Anthony often speculates as to why and how the massacre happened and has never broken his promise to keep searching for answers.
“I can almost guarantee that those two guys are dead. By their lifestyle, because if you can shoot a 6-year-old and a 2-year-old in the forehead, you can do anything. You can do anything. Nothing’s going to bother you,” he said.
Anthony said it would be a small recompense to the victims if someone alive would be held responsible.
“We’ve suffered, we’ve suffered right now and it’s probably never going to get better, but really having somebody to answer for it would put a little bit of faith and hope in the justice system and to let future criminals know that no matter how long it takes they’re not going to get away with it,” he said.

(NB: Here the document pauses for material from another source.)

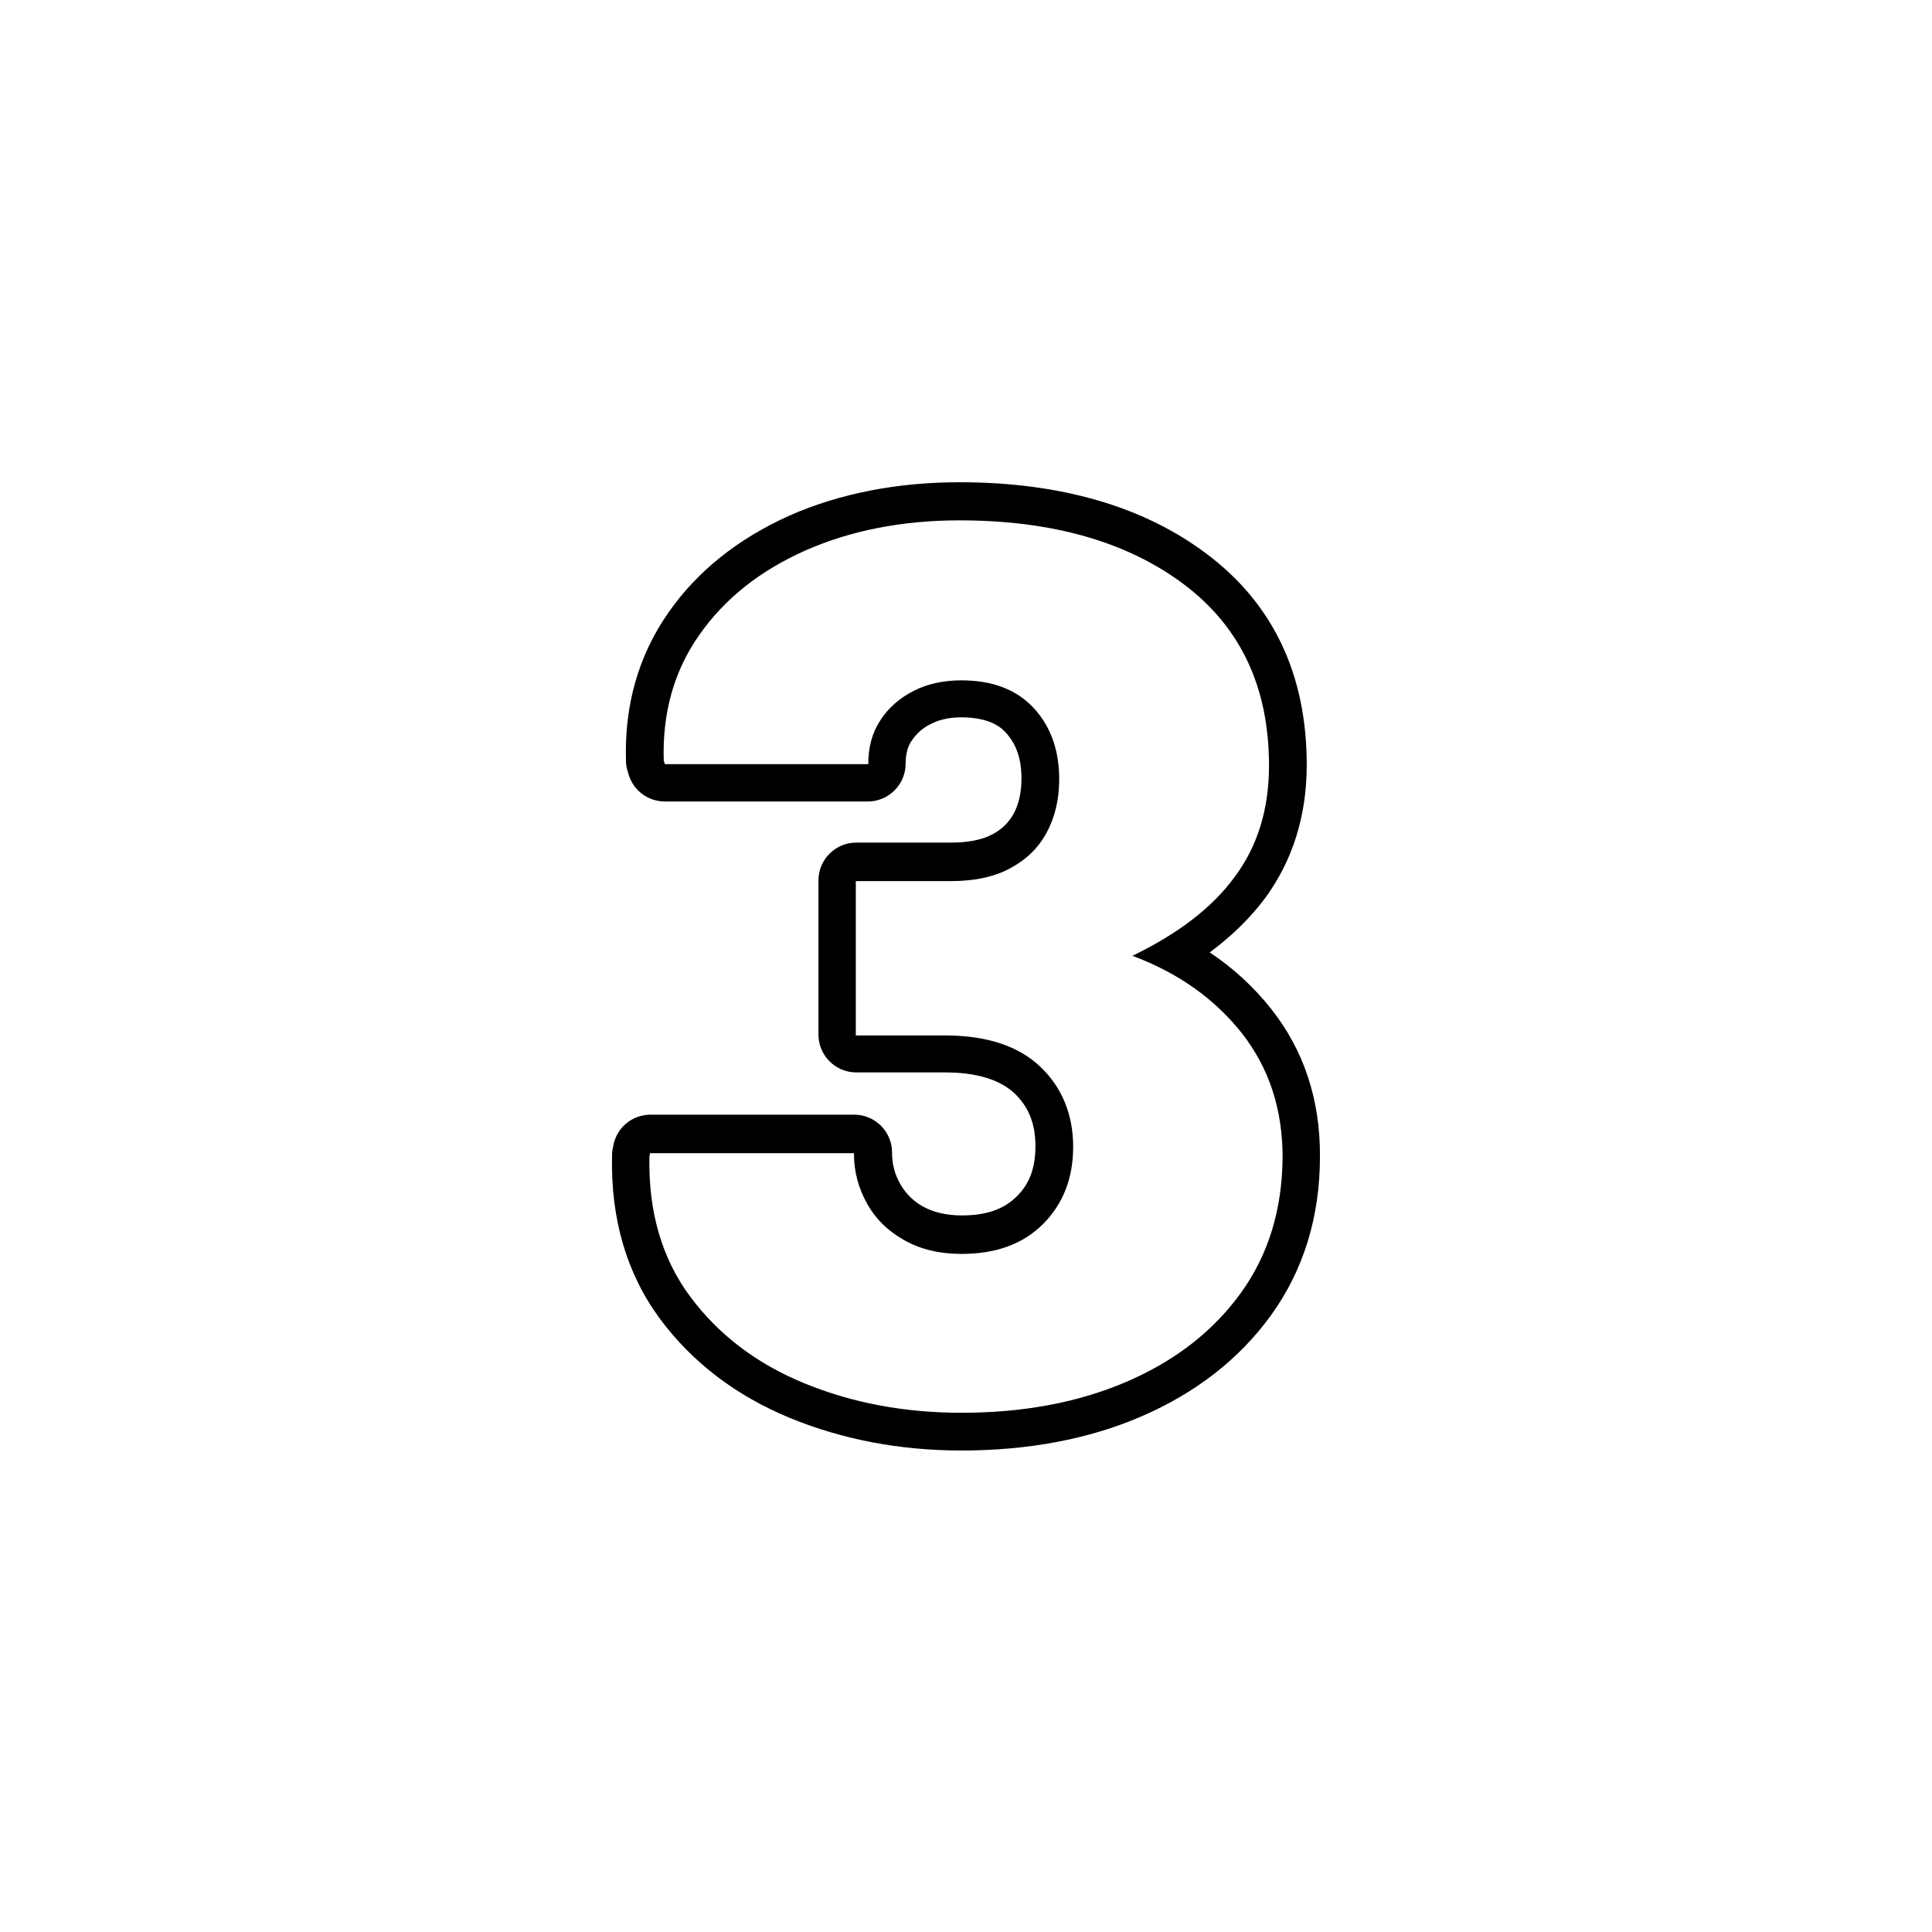 <svg id="Layer_2_00000047059886907561561930000000942279473120088230_" enable-background="new 0 0 512 512" viewBox="0 0 512 512" xmlns="http://www.w3.org/2000/svg"><g id="Icon"><path id="_3" d="m336.9 267.4c-4.6-5.8-10-10.8-16.3-15 5.8-4.3 10.7-9.1 14.6-14.3 7.3-9.9 11.1-21.8 11.1-35.4 0-23.9-8.9-42.7-26.5-55.9-16.7-12.6-38.8-19-65.5-19-16.6 0-31.8 3-45 8.8-13.6 6.1-24.5 14.7-32.2 25.8-7.9 11.3-11.7 24.6-11.2 39.4 0 1 .2 1.9.5 2.8l.3 1c1.4 4.1 5.2 6.8 9.5 6.8h53.8c5.5 0 10-4.5 10-10 0-2.5.5-4.5 1.6-6.1 1.2-1.8 2.8-3.3 5-4.4 2.3-1.2 5-1.8 8.2-1.8 8 0 10.9 3.1 11.8 4.1 2.8 3.1 4.1 7 4.1 12.1 0 3.7-.7 6.8-2.1 9.4-1.3 2.3-3.1 4.1-5.6 5.4-2.8 1.5-6.5 2.2-11 2.2h-25.1c-5.5 0-10 4.5-10 10v40.9c0 5.5 4.5 10 10 10h23.5c8.4 0 14.5 1.9 18.4 5.5 3.8 3.6 5.6 8.1 5.6 14s-1.6 10.1-5 13.4c-3.4 3.4-8.1 5-14.5 5-4 0-7.4-.8-10.2-2.3-2.7-1.5-4.7-3.5-6.1-6-1.5-2.6-2.2-5.3-2.2-8.4 0-5.5-4.5-10-10-10h-54c-4.9 0-9.1 3.5-9.9 8.4l-.2 1c-.1.5-.1.9-.1 1.4-.4 16.8 3.9 31.4 12.7 43.3 8.6 11.6 20.2 20.4 34.5 26.3 13.9 5.7 29.1 8.6 45.4 8.6 17.6 0 33.7-3 47.6-9 14.4-6.2 26-15.2 34.4-26.8 8.6-11.9 13-26 13-42.1.1-15.1-4.3-28.2-12.9-39.1zm-8.1 75.3c-7.4 10.2-17.5 18-30.3 23.5s-27.4 8.2-43.7 8.2c-15.1 0-28.9-2.6-41.6-7.8s-22.8-12.9-30.3-23-11.1-22.5-10.8-37.1l.2-.9h54c0 4.9 1.2 9.3 3.5 13.4s5.6 7.3 9.9 9.7 9.3 3.6 15.1 3.6c9.1 0 16.3-2.6 21.6-7.9s8-12.1 8-20.5-2.9-15.7-8.7-21.2-14.2-8.3-25.3-8.3h-23.6v-40.9h25.2c6.2 0 11.5-1.1 15.7-3.4 4.3-2.3 7.5-5.4 9.7-9.5s3.3-8.8 3.3-14.1c0-7.6-2.2-13.9-6.7-18.8s-10.9-7.4-19.2-7.4c-4.7 0-9 .9-12.7 2.8s-6.7 4.5-8.8 7.8c-2.2 3.3-3.2 7.2-3.2 11.6h-53.9l-.3-.9c-.4-12.6 2.7-23.8 9.4-33.3 6.7-9.6 16-17 28.1-22.4 12-5.3 25.7-8 40.9-8 24.6 0 44.5 5.7 59.5 17s22.5 27.3 22.5 48c0 11.5-3 21.3-9.1 29.5-6 8.2-15.1 15.1-27.1 20.9 12.1 4.5 21.8 11.4 29 20.5 7.2 9.2 10.8 20.1 10.8 32.9-.1 13.7-3.7 25.8-11.1 36z"/></g></svg>
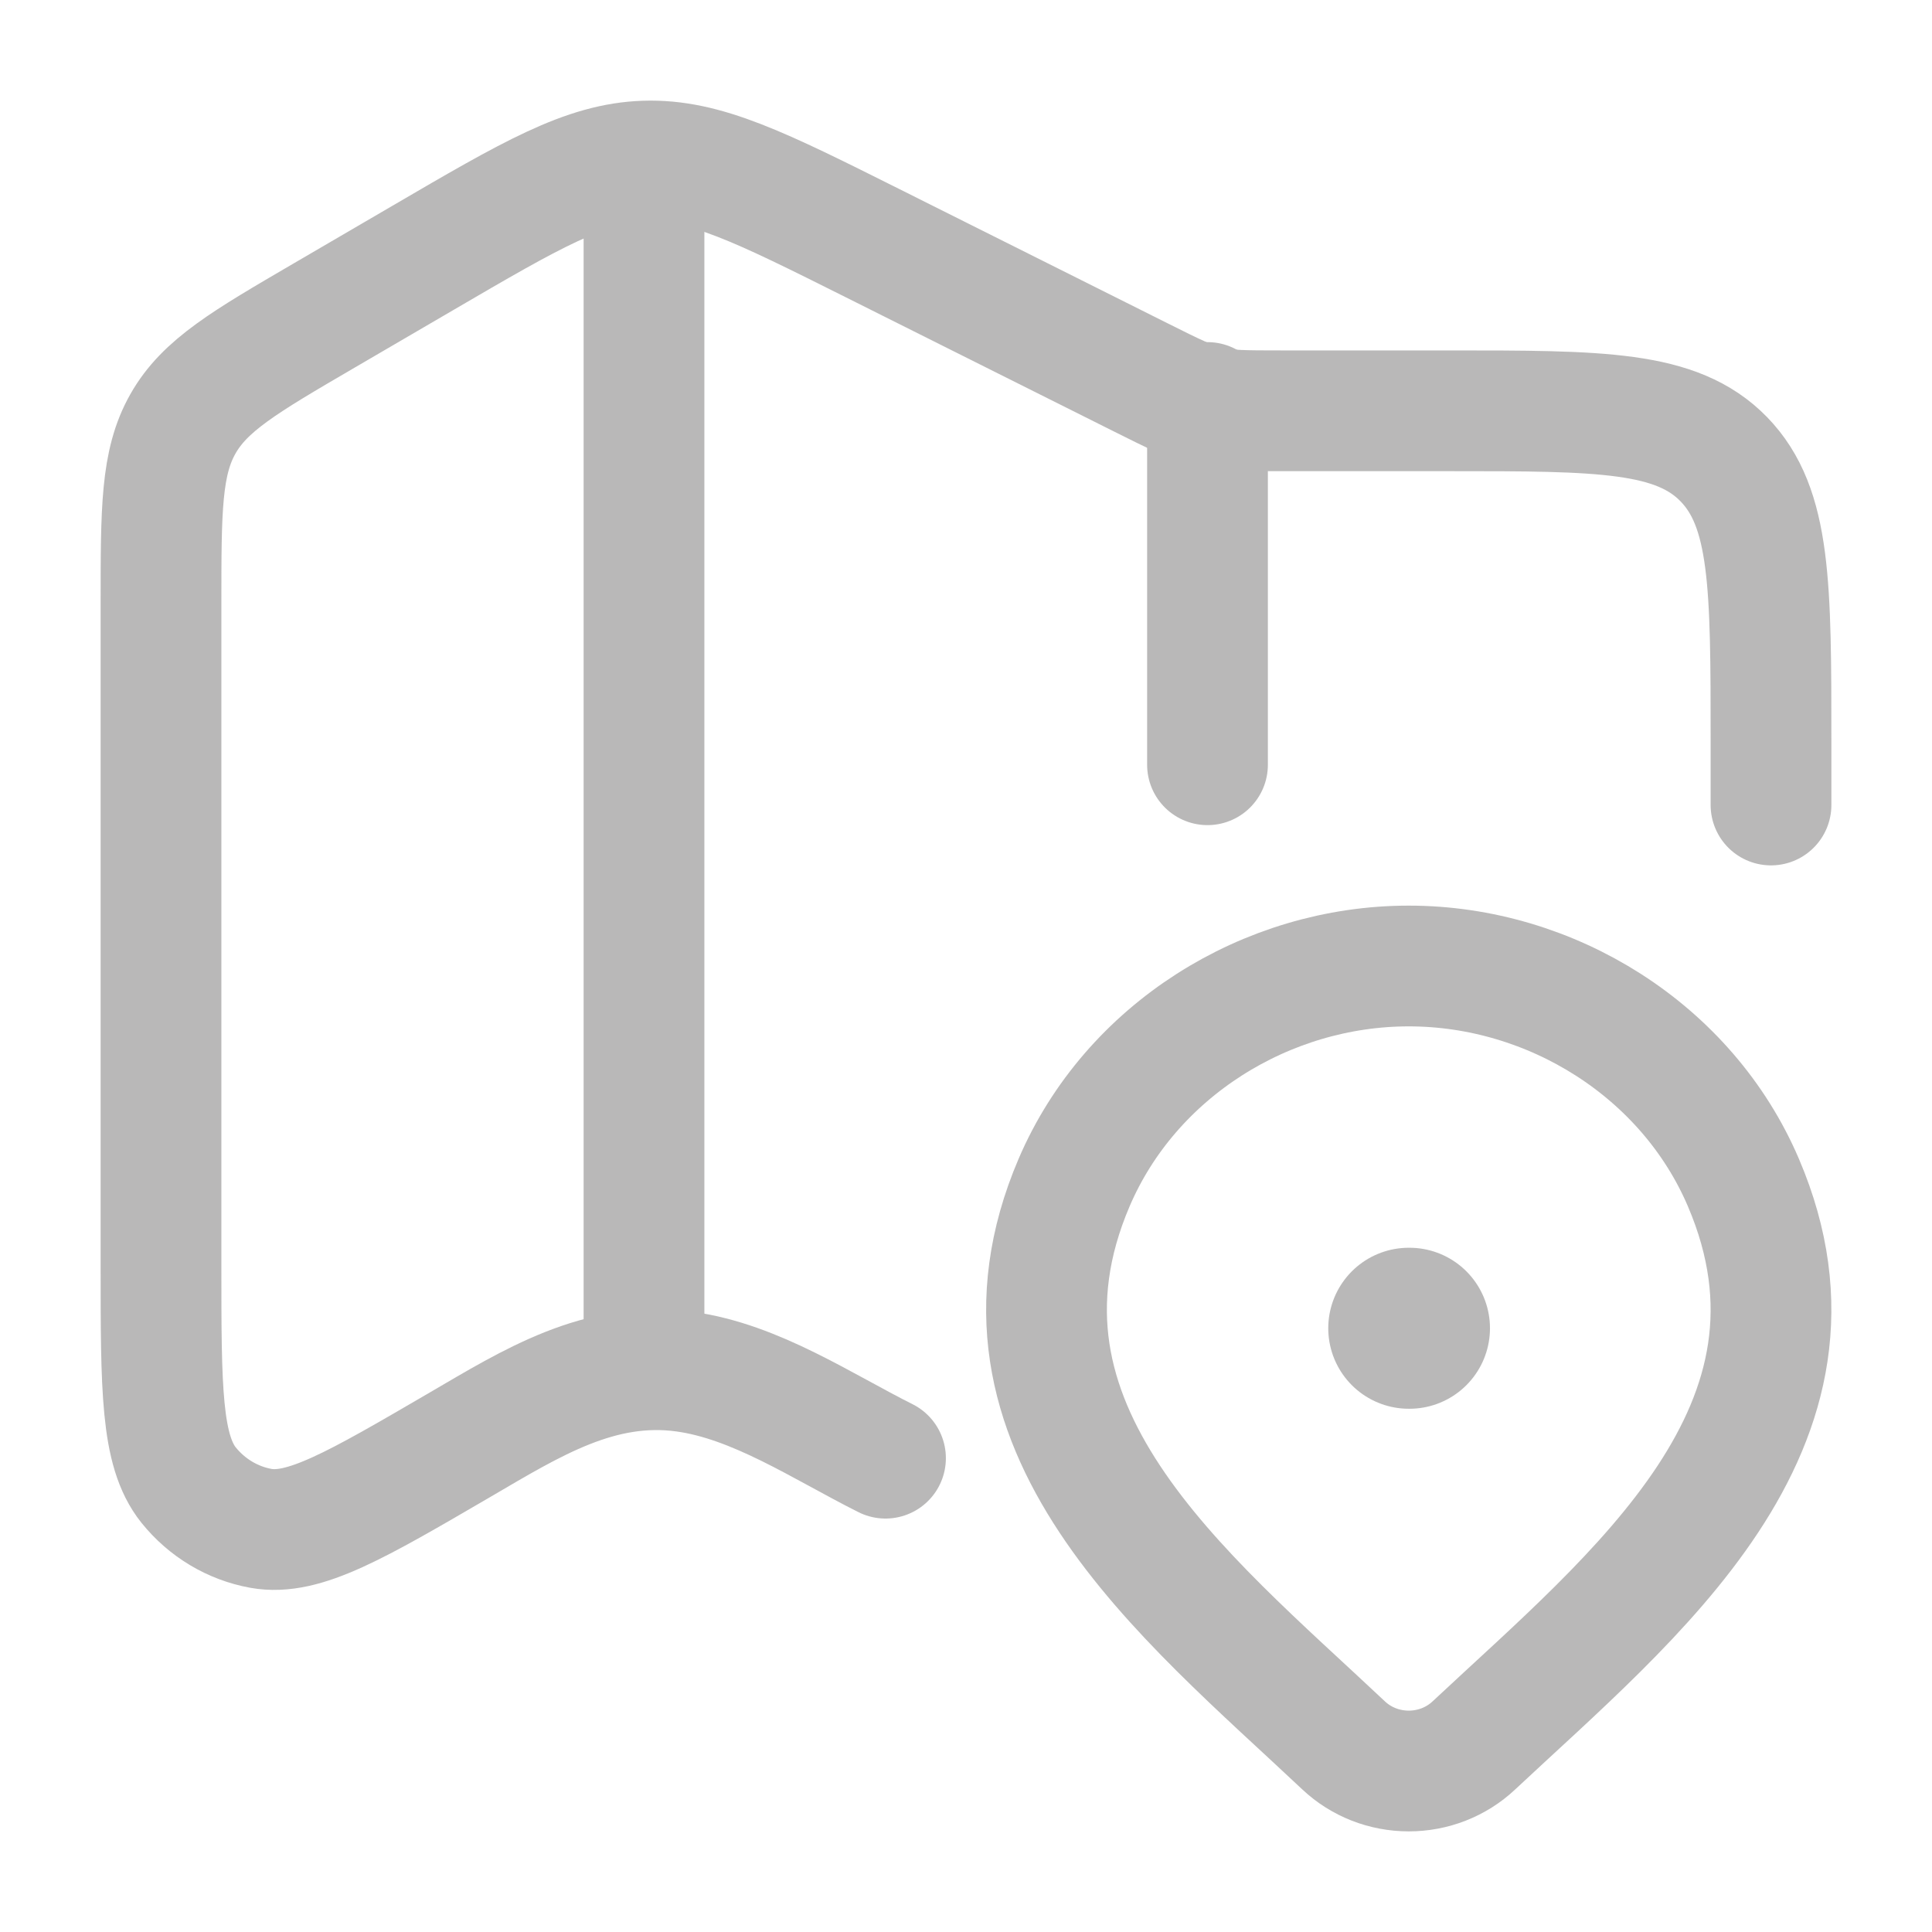 <?xml version="1.0" encoding="UTF-8"?> <svg xmlns="http://www.w3.org/2000/svg" width="24" height="24" viewBox="0 0 24 24" fill="none"><g id="icon" opacity="0.3"><path id="Vector" d="M22 10V9.217C22 7.278 22 6.308 21.414 5.705C20.828 5.103 19.886 5.103 18 5.103H15.921C15.004 5.103 14.996 5.101 14.171 4.688L10.84 3.021C9.449 2.325 8.753 1.977 8.012 2.001C7.271 2.025 6.599 2.418 5.253 3.204L4.026 3.92C3.037 4.497 2.543 4.786 2.272 5.266C2 5.746 2 6.33 2 7.499V15.716C2 17.251 2 18.019 2.342 18.447C2.57 18.731 2.889 18.922 3.242 18.986C3.772 19.081 4.421 18.702 5.72 17.944C6.602 17.429 7.45 16.894 8.505 17.039C9.389 17.161 10.21 17.718 11 18.114" stroke="#141211" stroke-width="1.5" stroke-linecap="round" stroke-linejoin="round"></path><path id="Vector_2" d="M8 2V17" stroke="#141211" stroke-width="1.5" stroke-linejoin="round"></path><path id="Vector_3" d="M15 5V9.5" stroke="#141211" stroke-width="1.5" stroke-linecap="round" stroke-linejoin="round"></path><path id="Vector_4" d="M18.308 21.683C18.091 21.887 17.802 22 17.5 22C17.198 22 16.909 21.887 16.692 21.683C14.706 19.813 12.046 17.724 13.343 14.69C14.045 13.05 15.729 12 17.5 12C19.271 12 20.956 13.05 21.657 14.69C22.953 17.72 20.299 19.819 18.308 21.683Z" stroke="#141211" stroke-width="1.5"></path><path id="Vector_5" d="M17.5 16.5H17.509" stroke="#141211" stroke-width="2" stroke-linecap="round" stroke-linejoin="round"></path></g></svg>

For the past four and a half years, Las Cruces Police Detective Amador Martinez has headed up the department’s effort to close the book on this case.
Martinez didn’t talk to the Sun-News this year, but he did on the 30th anniversary.
Last year, he said he receives tips monthly.
“Some months we get just numerous tips and there’s really no telling why or what the reasoning is, why people come forward, but they do. So in random months I’ll get inundated with them and some months are a little lean,” he said.
The case gained newfound attention this year after being featured on the podcast “The Crime Junkie,” one of the most downloaded podcasts in the world.
Around the anniversary, Martinez said he usually gets a flood of calls.
“I’m grateful for that. I really am. It allows me an avenue to pursue new leads to follow, because sometimes we get frustrated that we don’t have as many leads as we need to have,” he said.
Martinez said last year that had the massacre happened today, detectives would have used newer techniques to preserve evidence. In 1990, investigators did the job they knew how to do.
To this day, investigators don’t have a “DNA profile” of the suspects, he said. What they do have is a lot of fingerprints and a lot of old school methods that don’t quite mold into the new technologies, he said.
“The advent in technology, the difference in technology, it’s at our disposal, we just have to find that right piece that will fit into that mold, that will fit into this new DNA technology, this new genealogy tree that we can use. We just have to find that piece and I’m positive we have it. I just haven’t found it yet,” Martinez said.
One of the people who might find that right piece of evidence is Elise Teran. She’s considering a career in law enforcement, specifically forensics. Maybe she can carry on her father’s promise.